### Required action
Starting at the first line of the data, print every line up to and including the one with "87.65L556.556 83.25C552.782 86.163", but no pictures.
Data for the task Block Start
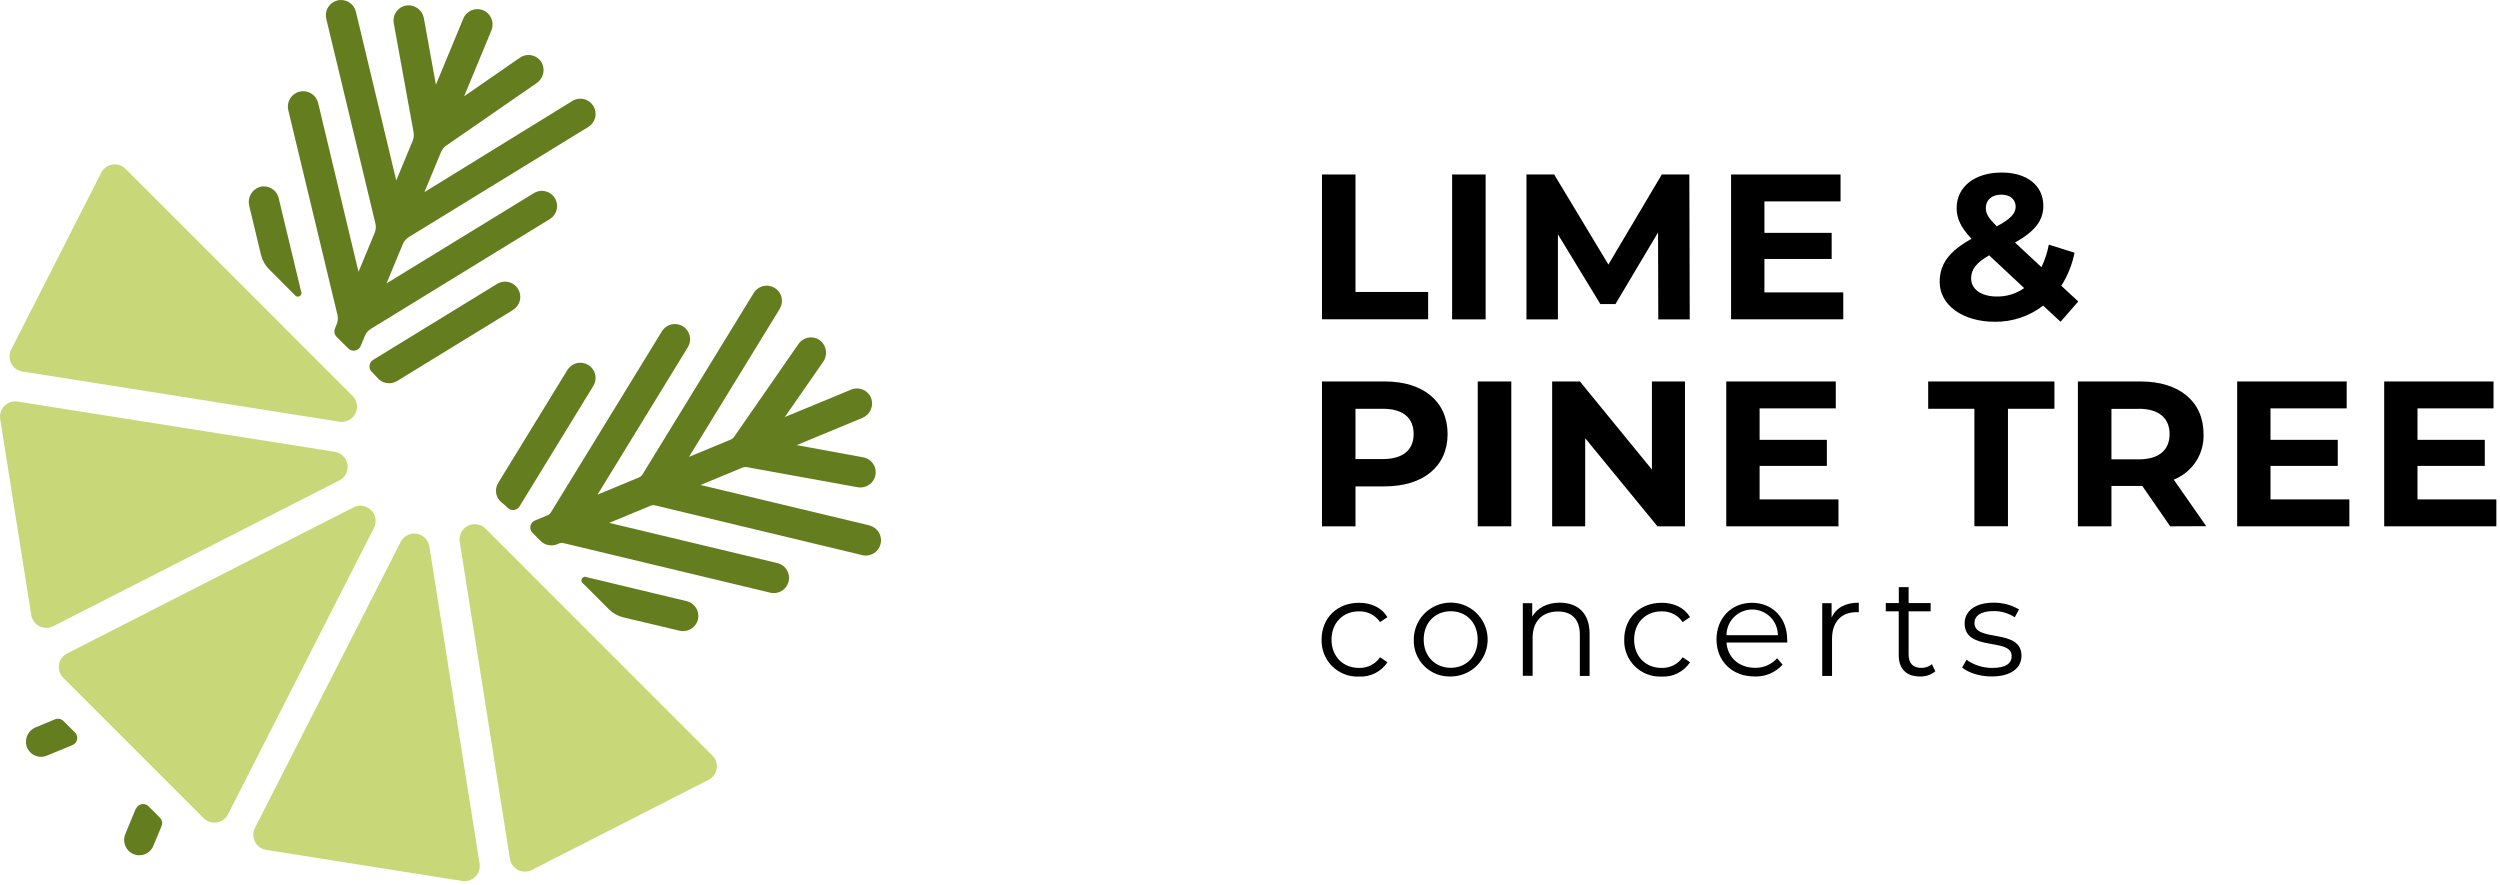 <svg width="681" height="241" viewBox="0 0 681 241" fill="none" xmlns="http://www.w3.org/2000/svg">
<path d="M360.106 47.53H369.236V79.53H389.026V86.97H360.106V47.53Z" fill="black"/>
<path d="M395.556 47.53H404.686V87H395.556V47.53Z" fill="black"/>
<path d="M451.716 87L451.656 63.32L440.046 82.83H435.936L424.376 63.83V87H415.806V47.53H423.356L438.126 72.06L452.676 47.53H460.176L460.286 87H451.716Z" fill="black"/>
<path d="M502.106 79.65V86.98H471.546V47.53H501.366V54.86H480.626V63.43H498.946V70.54H480.626V79.65H502.106Z" fill="black"/>
<path d="M561.296 87.65L556.556 83.25C552.782 86.163 548.134 87.714 543.366 87.65C534.686 87.65 528.366 83.13 528.366 76.82C528.366 71.82 531.016 68.42 537.046 65.04C534.166 62.04 532.986 59.51 532.986 56.69C532.986 50.94 537.836 47 545.276 47C552.096 47 556.606 50.49 556.606 56.07C556.606 60.13 554.236 63.07 548.886 66.07L556.096 72.78C557.024 70.828 557.696 68.764 558.096 66.64L565.096 68.84C564.471 72.039 563.25 75.092 561.496 77.84L566.116 82.12L561.296 87.65ZM551.366 78.46L541.846 69.55C538.236 71.63 536.936 73.44 536.936 75.86C536.936 78.74 539.646 80.77 543.936 80.77C546.591 80.812 549.192 80.014 551.366 78.49V78.46ZM540.936 56.65C540.936 58.17 541.556 59.3 543.936 61.65C547.826 59.56 549.066 58.1 549.066 56.29C549.066 54.48 547.716 53.02 545.176 53.02C542.516 53 540.936 54.52 540.936 56.65Z" fill="black"/>
<path d="M394.326 118.23C394.326 127.02 387.726 132.49 377.186 132.49H369.236V143.37H360.106V103.91H377.236C387.726 103.91 394.326 109.38 394.326 118.23ZM385.076 118.23C385.076 113.89 382.256 111.35 376.676 111.35H369.236V125.05H376.676C382.236 125.05 385.076 122.51 385.076 118.23Z" fill="black"/>
<path d="M402.536 103.91H411.676V143.37H402.536V103.91Z" fill="black"/>
<path d="M458.986 103.91V143.37H451.486L431.806 119.37V143.37H422.806V103.91H430.366L449.986 127.91V103.91H458.986Z" fill="black"/>
<path d="M500.796 136.04V143.37H470.236V103.91H500.066V111.24H479.316V119.81H497.636V126.91H479.316V136.04H500.796Z" fill="black"/>
<path d="M537.826 111.35H525.236V103.91H559.626V111.35H546.966V143.35H537.826V111.35Z" fill="black"/>
<path d="M591.166 143.37L583.556 132.37H575.156V143.37H566.016V103.91H583.106C593.646 103.91 600.246 109.38 600.246 118.23C600.346 120.886 599.619 123.508 598.164 125.733C596.709 127.958 594.6 129.676 592.126 130.65L600.976 143.33L591.166 143.37ZM582.596 111.37H575.156V125.13H582.596C588.176 125.13 590.996 122.53 590.996 118.25C590.996 113.97 588.176 111.35 582.596 111.35V111.37Z" fill="black"/>
<path d="M639.966 136.04V143.37H609.406V103.91H639.236V111.24H618.486V119.81H636.806V126.91H618.486V136.04H639.966Z" fill="black"/>
<path d="M680.006 136.04V143.37H649.456V103.91H679.236V111.24H658.526V119.81H676.856V126.91H658.526V136.04H680.006Z" fill="black"/>
<path d="M360.006 174.2C360.006 168.3 364.296 164.2 370.196 164.2C373.536 164.2 376.356 165.51 377.936 168.1L375.936 169.46C375.301 168.528 374.441 167.772 373.436 167.26C372.431 166.747 371.314 166.497 370.186 166.53C365.866 166.53 362.706 169.61 362.706 174.23C362.706 178.85 365.866 181.94 370.186 181.94C371.311 181.978 372.428 181.733 373.433 181.226C374.437 180.719 375.299 179.967 375.936 179.04L377.936 180.4C377.098 181.668 375.943 182.696 374.585 183.38C373.227 184.064 371.714 184.381 370.196 184.3C368.85 184.36 367.505 184.141 366.248 183.656C364.99 183.171 363.847 182.43 362.889 181.482C361.932 180.533 361.182 179.396 360.685 178.143C360.189 176.889 359.958 175.547 360.006 174.2Z" fill="black"/>
<path d="M385.116 174.2C385.118 172.213 385.709 170.272 386.813 168.62C387.917 166.968 389.485 165.68 391.32 164.919C393.155 164.157 395.174 163.956 397.123 164.34C399.072 164.725 400.864 165.678 402.272 167.079C403.68 168.48 404.642 170.267 405.036 172.215C405.431 174.162 405.239 176.182 404.487 178.021C403.734 179.859 402.454 181.434 400.808 182.546C399.162 183.658 397.223 184.258 395.236 184.27C393.897 184.326 392.56 184.104 391.31 183.619C390.06 183.133 388.924 182.394 387.974 181.449C387.023 180.503 386.279 179.371 385.787 178.123C385.295 176.876 385.067 175.54 385.116 174.2ZM402.516 174.2C402.516 169.58 399.396 166.5 395.186 166.5C390.976 166.5 387.816 169.58 387.816 174.2C387.816 178.82 390.976 181.91 395.186 181.91C399.396 181.91 402.516 178.82 402.516 174.2Z" fill="black"/>
<path d="M433.006 172.65V184.12H430.346V172.88C430.346 168.71 428.166 166.57 424.406 166.57C420.156 166.57 417.486 169.2 417.486 173.71V184.09H414.816V164.32H417.376V167.96C418.806 165.56 421.476 164.17 424.896 164.17C429.706 164.17 433.006 166.95 433.006 172.65Z" fill="black"/>
<path d="M442.436 174.2C442.436 168.3 446.726 164.2 452.626 164.2C455.976 164.2 458.786 165.51 460.366 168.1L458.366 169.46C457.731 168.528 456.871 167.772 455.866 167.26C454.861 166.747 453.744 166.497 452.616 166.53C448.296 166.53 445.136 169.61 445.136 174.23C445.136 178.85 448.296 181.94 452.616 181.94C453.741 181.978 454.858 181.733 455.863 181.226C456.868 180.719 457.729 179.967 458.366 179.04L460.366 180.4C459.529 181.669 458.374 182.697 457.016 183.381C455.658 184.065 454.145 184.382 452.626 184.3C451.28 184.36 449.935 184.141 448.678 183.656C447.42 183.171 446.277 182.43 445.319 181.482C444.362 180.533 443.612 179.396 443.115 178.143C442.619 176.889 442.388 175.547 442.436 174.2Z" fill="black"/>
<path d="M486.836 175.03H470.296C470.596 179.16 473.756 181.91 478.076 181.91C479.205 181.938 480.327 181.72 481.363 181.271C482.399 180.822 483.325 180.153 484.076 179.31L485.586 181.04C484.631 182.107 483.451 182.949 482.132 183.508C480.813 184.066 479.387 184.326 477.956 184.27C471.786 184.27 467.576 180.06 467.576 174.2C467.576 168.34 471.676 164.2 477.236 164.2C482.796 164.2 486.826 168.29 486.826 174.2C486.876 174.43 486.836 174.73 486.836 175.03ZM470.296 173.03H484.296C484.296 171.173 483.559 169.393 482.246 168.08C480.933 166.767 479.153 166.03 477.296 166.03C475.44 166.03 473.659 166.767 472.347 168.08C471.034 169.393 470.296 171.173 470.296 173.03Z" fill="black"/>
<path d="M506.336 164.17V166.76C506.106 166.76 505.886 166.76 505.696 166.76C501.556 166.76 499.046 169.39 499.046 174.05V184.13H496.376V164.32H498.926V168.19C500.166 165.56 502.686 164.17 506.336 164.17Z" fill="black"/>
<path d="M527.176 182.88C525.996 183.826 524.518 184.319 523.006 184.27C519.286 184.27 517.216 182.17 517.216 178.52V166.52H513.686V164.27H517.236V159.94H519.906V164.27H525.906V166.52H519.906V178.32C519.906 180.65 521.106 181.93 523.326 181.93C524.391 181.959 525.431 181.604 526.256 180.93L527.176 182.88Z" fill="black"/>
<path d="M534.486 181.83L535.686 179.73C537.732 181.18 540.179 181.953 542.686 181.94C546.446 181.94 547.986 180.67 547.986 178.71C547.986 173.56 535.166 177.62 535.166 169.8C535.166 166.57 537.946 164.17 542.986 164.17C545.444 164.13 547.866 164.766 549.986 166.01L548.816 168.15C547.094 167.007 545.063 166.417 542.996 166.46C539.426 166.46 537.846 167.85 537.846 169.73C537.846 175.06 550.656 171.04 550.656 178.64C550.656 182.06 547.656 184.27 542.506 184.27C539.236 184.27 536.096 183.22 534.486 181.83Z" fill="black"/>
<path d="M139.632 84.507L108.129 103.809C107.258 104.328 106.228 104.512 105.231 104.328C104.234 104.145 103.338 103.604 102.709 102.809C102.465 102.511 102.205 102.227 101.929 101.959L101.249 101.268C101.027 101.047 100.859 100.779 100.756 100.483C100.653 100.187 100.619 99.872 100.655 99.561C100.692 99.25 100.798 98.952 100.967 98.688C101.136 98.424 101.362 98.202 101.629 98.038L135.291 77.407C135.756 77.101 136.277 76.891 136.824 76.791C137.371 76.691 137.933 76.701 138.475 76.822C139.018 76.943 139.531 77.171 139.984 77.494C140.437 77.817 140.82 78.228 141.111 78.702C141.402 79.176 141.595 79.703 141.678 80.253C141.761 80.803 141.732 81.364 141.594 81.903C141.456 82.442 141.212 82.947 140.874 83.389C140.537 83.832 140.115 84.201 139.632 84.477V84.507ZM91.708 88.347L91.238 89.488C91.082 89.867 91.042 90.284 91.122 90.686C91.202 91.088 91.399 91.457 91.688 91.748L94.868 94.918C95.109 95.16 95.406 95.338 95.732 95.438C96.058 95.537 96.403 95.554 96.738 95.488C97.073 95.422 97.385 95.274 97.649 95.058C97.912 94.841 98.118 94.563 98.249 94.248L99.379 91.518C99.71 90.707 100.292 90.024 101.039 89.568L149.942 59.566C150.824 58.966 151.442 58.05 151.666 57.007C151.891 55.964 151.705 54.875 151.148 53.966C150.591 53.056 149.705 52.396 148.674 52.122C147.644 51.848 146.547 51.982 145.612 52.495L105.289 77.197L109.69 66.576C110.019 65.748 110.604 65.048 111.36 64.576L160.263 34.574C161.202 33.998 161.874 33.073 162.131 32.002C162.388 30.931 162.209 29.802 161.633 28.863C161.058 27.924 160.133 27.253 159.062 26.995C157.991 26.739 156.862 26.918 155.923 27.493L115.61 52.335L120.11 41.474C120.412 40.734 120.923 40.098 121.58 39.644L146.172 22.643C147.047 22.059 147.676 21.173 147.938 20.154C148.2 19.136 148.077 18.056 147.592 17.122C147.312 16.614 146.927 16.17 146.463 15.82C146 15.47 145.468 15.221 144.902 15.09C144.336 14.959 143.749 14.948 143.179 15.059C142.608 15.169 142.068 15.399 141.592 15.732L126.421 26.233L133.841 8.332C134.223 7.444 134.288 6.452 134.026 5.522C133.763 4.592 133.19 3.78 132.401 3.221C131.895 2.873 131.318 2.64 130.712 2.542C130.106 2.443 129.485 2.48 128.894 2.65C128.304 2.821 127.759 3.12 127.298 3.526C126.838 3.933 126.473 4.437 126.231 5.002L118.74 23.073L115.47 5.002C115.292 3.965 114.739 3.031 113.917 2.376C113.094 1.721 112.059 1.392 111.01 1.451C110.432 1.498 109.87 1.665 109.36 1.942C108.851 2.219 108.405 2.6 108.052 3.059C107.698 3.519 107.445 4.048 107.309 4.612C107.172 5.175 107.156 5.761 107.259 6.332L112.66 36.034C112.798 36.819 112.711 37.626 112.41 38.364L107.939 49.165L96.939 3.161C96.677 2.096 96.004 1.177 95.067 0.606C94.13 0.035 93.005 -0.142 91.938 0.115C90.871 0.371 89.949 1.04 89.374 1.975C88.798 2.909 88.617 4.033 88.868 5.102L102.259 60.866C102.464 61.719 102.394 62.615 102.059 63.426L97.659 74.046L86.658 28.043C86.398 26.965 85.72 26.034 84.774 25.456C83.828 24.877 82.691 24.698 81.612 24.958C80.534 25.218 79.604 25.895 79.025 26.842C78.446 27.788 78.267 28.925 78.527 30.003L91.918 85.767C92.124 86.628 92.051 87.532 91.708 88.347ZM160.253 99.418C159.789 99.133 159.273 98.943 158.736 98.857C158.198 98.772 157.648 98.793 157.119 98.921C156.589 99.048 156.09 99.278 155.65 99.599C155.209 99.919 154.837 100.324 154.553 100.788L135.731 131.511C135.192 132.367 134.989 133.394 135.163 134.392C135.337 135.389 135.874 136.287 136.671 136.911C137.152 137.272 137.607 137.666 138.032 138.091L138.272 138.331C138.494 138.553 138.763 138.721 139.06 138.824C139.356 138.927 139.672 138.962 139.984 138.925C140.295 138.889 140.595 138.782 140.859 138.613C141.124 138.445 141.347 138.218 141.512 137.951L161.623 105.119C161.908 104.655 162.099 104.139 162.184 103.601C162.27 103.063 162.248 102.514 162.121 101.984C161.994 101.455 161.763 100.956 161.443 100.515C161.122 100.075 160.718 99.702 160.253 99.418ZM187.015 163.743L159.873 157.232C159.642 157.1 159.368 157.064 159.111 157.134C158.855 157.203 158.636 157.372 158.503 157.603C158.37 157.833 158.335 158.107 158.404 158.364C158.474 158.621 158.642 158.84 158.873 158.973L165.874 165.973C166.956 167.054 168.316 167.815 169.804 168.173L185.015 171.784C185.951 172.023 186.941 171.933 187.819 171.529C188.697 171.124 189.409 170.43 189.835 169.563C190.101 169.003 190.237 168.389 190.234 167.769C190.232 167.148 190.09 166.536 189.819 165.978C189.549 165.419 189.156 164.929 188.671 164.542C188.186 164.155 187.62 163.882 187.015 163.743ZM37.004 220.247L34.154 227.128C33.773 228.015 33.708 229.007 33.97 229.938C34.232 230.868 34.805 231.68 35.594 232.238C36.103 232.589 36.684 232.822 37.294 232.919C37.905 233.017 38.529 232.976 39.122 232.801C39.715 232.625 40.261 232.319 40.72 231.905C41.179 231.491 41.539 230.979 41.775 230.408L44.015 225.007C44.171 224.628 44.212 224.211 44.131 223.809C44.051 223.407 43.854 223.038 43.565 222.747L40.395 219.577C40.153 219.351 39.86 219.185 39.541 219.095C39.222 219.004 38.887 218.991 38.562 219.057C38.237 219.122 37.933 219.265 37.674 219.472C37.415 219.679 37.21 219.945 37.074 220.247H37.004ZM236.839 143.111L190.835 132.111L202.266 127.37C202.637 127.221 203.043 127.179 203.436 127.25L233.548 132.711C234.495 132.898 235.477 132.753 236.329 132.301C237.181 131.85 237.852 131.119 238.229 130.231C238.464 129.659 238.568 129.042 238.534 128.425C238.5 127.808 238.329 127.206 238.033 126.664C237.737 126.121 237.323 125.652 236.823 125.29C236.322 124.927 235.746 124.682 235.139 124.57L217.017 121.25L234.859 113.859C235.837 113.473 236.639 112.739 237.11 111.797C237.58 110.856 237.687 109.774 237.409 108.759C237.241 108.204 236.958 107.691 236.58 107.253C236.201 106.814 235.735 106.459 235.212 106.211C234.688 105.964 234.118 105.828 233.539 105.814C232.959 105.8 232.384 105.907 231.848 106.129L213.777 113.609L224.198 98.608C224.838 97.725 225.119 96.632 224.984 95.549C224.848 94.466 224.306 93.476 223.468 92.778C223.023 92.431 222.513 92.179 221.967 92.037C221.422 91.895 220.853 91.865 220.296 91.951C219.739 92.036 219.205 92.234 218.728 92.533C218.25 92.831 217.838 93.224 217.517 93.688L199.956 119.01C199.728 119.337 199.413 119.594 199.046 119.75L187.685 124.45L212.397 84.137C212.682 83.672 212.873 83.156 212.958 82.617C213.043 82.079 213.022 81.528 212.895 80.998C212.767 80.468 212.537 79.968 212.216 79.527C211.896 79.086 211.492 78.712 211.027 78.427C210.562 78.142 210.045 77.951 209.507 77.866C208.968 77.78 208.418 77.802 207.888 77.929C207.358 78.056 206.858 78.287 206.416 78.607C205.975 78.928 205.601 79.332 205.316 79.797L175.014 129.24C174.778 129.616 174.427 129.907 174.014 130.071L162.773 134.731L187.475 94.408C187.988 93.473 188.122 92.376 187.848 91.346C187.574 90.315 186.914 89.429 186.004 88.872C185.095 88.315 184.006 88.129 182.963 88.354C181.921 88.579 181.004 89.196 180.405 90.078L150.082 139.551C149.852 139.935 149.5 140.231 149.082 140.391L145.732 141.771C145.417 141.902 145.139 142.108 144.923 142.371C144.706 142.635 144.558 142.948 144.492 143.282C144.426 143.617 144.443 143.962 144.543 144.288C144.642 144.615 144.82 144.911 145.062 145.152L147.252 147.352C147.833 147.931 148.572 148.325 149.376 148.485C150.181 148.645 151.014 148.564 151.773 148.252L152.253 148.052C152.657 147.879 153.107 147.844 153.533 147.952L210.017 161.493C211.064 161.692 212.147 161.48 213.043 160.902C213.938 160.323 214.576 159.423 214.826 158.387C215.075 157.35 214.916 156.258 214.382 155.336C213.848 154.413 212.98 153.732 211.957 153.432L165.954 142.431L177.204 137.771C177.606 137.6 178.052 137.565 178.474 137.671L234.899 151.222C235.967 151.474 237.091 151.292 238.025 150.717C238.96 150.141 239.629 149.219 239.885 148.152C240.142 147.085 239.965 145.96 239.394 145.023C238.823 144.086 237.904 143.413 236.839 143.151V143.111ZM15.003 195.935L9.762 198.105C8.784 198.492 7.983 199.227 7.514 200.168C7.045 201.11 6.941 202.192 7.222 203.206C7.389 203.76 7.67 204.273 8.048 204.712C8.425 205.15 8.891 205.505 9.414 205.753C9.937 206.001 10.506 206.136 11.084 206.151C11.663 206.165 12.238 206.058 12.773 205.836L19.773 202.946C20.088 202.814 20.366 202.607 20.582 202.343C20.799 202.078 20.946 201.765 21.013 201.429C21.079 201.094 21.061 200.748 20.962 200.421C20.863 200.094 20.685 199.797 20.443 199.556L17.273 196.385C16.982 196.094 16.61 195.896 16.206 195.815C15.802 195.735 15.383 195.777 15.003 195.935ZM73.257 73.306L80.257 80.307C80.39 80.538 80.609 80.706 80.866 80.776C81.123 80.845 81.397 80.81 81.627 80.677C81.858 80.544 82.027 80.326 82.096 80.069C82.166 79.812 82.13 79.538 81.998 79.307L75.907 53.945C75.775 53.398 75.532 52.883 75.194 52.432C74.856 51.981 74.43 51.604 73.942 51.324C73.453 51.043 72.913 50.864 72.353 50.799C71.793 50.734 71.227 50.784 70.687 50.945C69.654 51.294 68.792 52.022 68.274 52.981C67.757 53.94 67.622 55.06 67.897 56.115L71.087 69.386C71.434 70.868 72.185 72.225 73.257 73.306Z" fill="#647D1E"/>
<path d="M69.446 225.527L109.159 147.592C109.559 146.813 110.194 146.181 110.974 145.786C111.755 145.39 112.64 145.251 113.504 145.388C114.368 145.526 115.166 145.933 115.785 146.551C116.404 147.17 116.812 147.968 116.95 148.832L130.631 235.218C130.734 235.865 130.682 236.528 130.48 237.151C130.277 237.774 129.93 238.341 129.467 238.804C129.003 239.268 128.437 239.615 127.813 239.817C127.19 240.019 126.528 240.071 125.88 239.968L72.497 231.508C71.85 231.405 71.237 231.151 70.707 230.767C70.177 230.382 69.746 229.878 69.449 229.294C69.151 228.711 68.996 228.066 68.996 227.411C68.995 226.756 69.15 226.111 69.446 225.527ZM91.188 123.07L4.802 109.389C4.155 109.286 3.492 109.338 2.869 109.54C2.246 109.743 1.679 110.09 1.216 110.553C0.752 111.017 0.405 111.583 0.203 112.206C0 112.83 -0.051 113.492 0.051 114.139L8.512 167.523C8.613 168.173 8.867 168.789 9.253 169.321C9.639 169.853 10.146 170.285 10.732 170.583C11.318 170.881 11.966 171.035 12.623 171.034C13.281 171.032 13.928 170.874 14.512 170.573L92.448 130.861C93.227 130.46 93.859 129.823 94.253 129.041C94.648 128.259 94.785 127.373 94.645 126.508C94.505 125.644 94.096 124.845 93.475 124.228C92.854 123.61 92.053 123.205 91.188 123.07ZM144.802 237.018L193.015 212.426C193.598 212.13 194.103 211.7 194.488 211.171C194.872 210.642 195.126 210.03 195.229 209.384C195.331 208.738 195.279 208.077 195.077 207.455C194.875 206.833 194.528 206.268 194.065 205.806L132.221 143.952C131.599 143.346 130.803 142.951 129.945 142.822C129.086 142.692 128.209 142.835 127.436 143.231C126.664 143.626 126.034 144.253 125.637 145.025C125.239 145.796 125.094 146.673 125.22 147.532L138.901 233.928C139.003 234.567 139.252 235.174 139.629 235.7C140.007 236.225 140.502 236.655 141.075 236.956C141.648 237.256 142.284 237.418 142.931 237.429C143.578 237.44 144.219 237.299 144.802 237.018ZM6.092 101.198L92.488 114.879C93.347 115.006 94.224 114.861 94.995 114.463C95.767 114.066 96.394 113.436 96.789 112.663C97.184 111.891 97.328 111.014 97.198 110.155C97.069 109.297 96.674 108.501 96.068 107.879L34.214 46.005C33.755 45.54 33.193 45.19 32.574 44.984C31.954 44.778 31.295 44.722 30.649 44.819C30.004 44.917 29.39 45.166 28.859 45.545C28.328 45.925 27.894 46.425 27.593 47.005L3.052 95.218C2.755 95.801 2.6 96.446 2.6 97.1C2.6 97.754 2.754 98.398 3.051 98.981C3.347 99.564 3.777 100.069 4.306 100.455C4.834 100.84 5.446 101.095 6.092 101.198ZM96.188 138.251L18.253 178.014C17.673 178.316 17.173 178.751 16.794 179.283C16.414 179.815 16.165 180.429 16.068 181.075C15.97 181.721 16.027 182.381 16.233 183.002C16.439 183.622 16.788 184.185 17.253 184.644L55.475 222.867C55.938 223.33 56.505 223.677 57.127 223.879C57.75 224.081 58.411 224.133 59.058 224.03C59.705 223.928 60.318 223.674 60.847 223.289C61.377 222.905 61.808 222.4 62.106 221.817L101.819 143.882C102.248 143.095 102.41 142.19 102.282 141.303C102.155 140.416 101.743 139.594 101.109 138.961C100.476 138.327 99.654 137.915 98.767 137.787C97.88 137.66 96.975 137.822 96.188 138.251Z" fill="#C8D778"/>
</svg>
Data for the task Block End
### Exercise output
 <svg width="681" height="241" viewBox="0 0 681 241" fill="none" xmlns="http://www.w3.org/2000/svg">
<path d="M360.106 47.53H369.236V79.53H389.026V86.97H360.106V47.53Z" fill="black"/>
<path d="M395.556 47.53H404.686V87H395.556V47.53Z" fill="black"/>
<path d="M451.716 87L451.656 63.32L440.046 82.83H435.936L424.376 63.83V87H415.806V47.53H423.356L438.126 72.06L452.676 47.53H460.176L460.286 87H451.716Z" fill="black"/>
<path d="M502.106 79.65V86.98H471.546V47.53H501.366V54.86H480.626V63.43H498.946V70.54H480.626V79.65H502.106Z" fill="black"/>
<path d="M561.296 87.65L556.556 83.25C552.782 86.163 548.134 87.714 543.366 87.65C534.686 87.65 528.366 83.13 528.366 76.82C528.366 71.82 531.016 68.42 537.046 65.04C534.166 62.04 532.986 59.51 532.986 56.69C532.986 50.94 537.836 47 545.276 47C552.096 47 556.606 50.49 556.606 56.07C556.606 60.13 554.236 63.07 548.886 66.07L556.096 72.78C557.024 70.828 557.696 68.764 558.096 66.64L565.096 68.84C564.471 72.039 563.25 75.092 561.496 77.84L566.116 82.12L561.296 87.65ZM551.366 78.46L541.846 69.55C538.236 71.63 536.936 73.44 536.936 75.86C536.936 78.74 539.646 80.77 543.936 80.77C546.591 80.812 549.192 80.014 551.366 78.49V78.46ZM540.936 56.65C540.936 58.17 541.556 59.3 543.936 61.65C547.826 59.56 549.066 58.1 549.066 56.29C549.066 54.48 547.716 53.02 545.176 53.02C542.516 53 540.936 54.52 540.936 56.65Z" fill="black"/>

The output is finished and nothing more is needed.